Met flexwerkers kun je, als ondernemer/werkgever, soepel inspelen op veranderende situaties. Dat kan noodzaak zijn als je een seizoengevoelig bedrijf hebt, maar ook met de snel veranderende economische en digitale ontwikkelingen kunnen (gespecialiseerde) flexwerkers toegevoegde waarde hebben. 

Zo’n flexibel personeelsbestand is op verschillende manieren in te vullen. Zo kennen we natuurlijk uitzendkrachten. Maar ook gedetacheerden, oproepkrachten, payrollers, vakantiewerkers en seizoenwerkers werken op flexibele basis. Andere flexibele arbeidsrelaties zijn de zelfstandigen zonder personeel (zzp’ers).   

Op deze pagina:

wet meer zekerheid flexwerkers

Het kabinet werkt aan de invoering van een nieuwe wet (de Wet meer zekerheid flexwerkers), met als doel oproepkrachten, tijdelijke werknemers en uitzendkrachten meer zekerheid te bieden. 

In het wetsvoorstel Wet meer zekerheid flexwerkers staan de volgende maatregelen:

  • oproepcontracten worden vervangen door contracten met een minimumaantal uren

  • uitzendkrachten krijgen recht op ten minste gelijkwaardige arbeidsvoorwaarden als reguliere werknemers 

  • de onderbrekingstermijn van de ketenregeling wordt aangepast om draaideurconstructies met tijdelijke contracten te voorkomen.

oproepcontract wordt bandbreedtecontract

Het nulurencontract wordt vervangen door een basiscontract met een minimum- en een maximumaantal uren, waarbij het verschil maximaal 130% mag zijn: het bandbreedtecontract. Dit betekent dat bij een minimum van tien uur het maximum dertien uur is. De werknemer mag een oproep boven het maximum weigeren. Zo krijgt de werknemer meer zekerheid over het inkomen en over de uren waarop hij of zij wordt ingeroosterd.

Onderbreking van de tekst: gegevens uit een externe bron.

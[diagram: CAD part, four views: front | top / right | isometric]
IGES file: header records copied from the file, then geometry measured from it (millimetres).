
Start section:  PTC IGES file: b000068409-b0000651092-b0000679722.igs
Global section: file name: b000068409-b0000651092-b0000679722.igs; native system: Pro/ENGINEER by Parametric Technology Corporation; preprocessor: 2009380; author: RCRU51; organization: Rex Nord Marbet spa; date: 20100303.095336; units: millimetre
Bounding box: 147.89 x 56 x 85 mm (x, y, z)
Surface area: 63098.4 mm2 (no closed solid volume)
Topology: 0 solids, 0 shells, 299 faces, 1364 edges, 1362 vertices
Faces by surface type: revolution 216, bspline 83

Let op: voor jongeren met een bijbaan – zoals scholieren en studenten – geldt een uitzondering. Zij mogen op een oproepcontract blijven werken.

uitzendkrachten

Uitzendkrachten krijgen recht op een arbeidsvoorwaardenpakket dat gelijkwaardig is aan dat van werknemers met een arbeidsovereenkomst

Daarnaast is onderdeel van het wetsvoorstel het verkorten van de maximale duur van het fasensysteem. Het fasensysteem is een afwijking op de wettelijke regeling, die in de CAO voor Uitzendkrachten is vastgelegd. De mogelijkheid om op dit punt van de wet af te wijken vervalt of wordt verkort. Dit betekent voor het fasensysteem dat:

  • fase A wordt verkort van 78 weken naar 52 weken.
    In de CAO voor Uitzendkrachten is deze verkorting al eerder doorgevoerd: sinds 2022 geldt een maximum van 52 gewerkte weken voor fase A. 

  • fase B van zes contracten in vier jaar (maximale afwijking in de wet) naar zes contracten in twee jaar gaat.
    In de huidige CAO voor Uitzendkrachten is fase B al beperkt tot maximaal drie jaar. De cao-partijen hebben afgesproken dat dit in de toekomst verder wordt verkort naar twee jaar – als de wet in deze vorm wordt aangenomen.

Na afloop van fase B moet de uitzendkracht bij verlenging een vast contract krijgen (fase C).

aanpassing ketenregeling

Er komen strengere regels voor tijdelijke contracten om draaideurconstructies te voorkomen. Daartoe wordt de ketenregeling aangepast. De onderbrekingstermijn  van zes maanden wordt verlengd naar vijf jaar. Dit geldt ook voor uitzendovereenkomsten. Uitzonderingen zijn er voor studenten en scholieren, en voor seizoensarbeid.

Als de Tweede en Eerste Kamer instemmen, treedt de wet naar verwachting op 1 januari 2027 in werking. Het onderdeel gelijke beloning voor uitzendkrachten kan al een jaar eerder in werking treden, op 1 januari 2026.

Het wetsvoorstel Meer zekerheid flexwerkers is onderdeel van het pakket hervormingen arbeidsmarkt, met maatregelen voor meer zekerheid voor werkenden.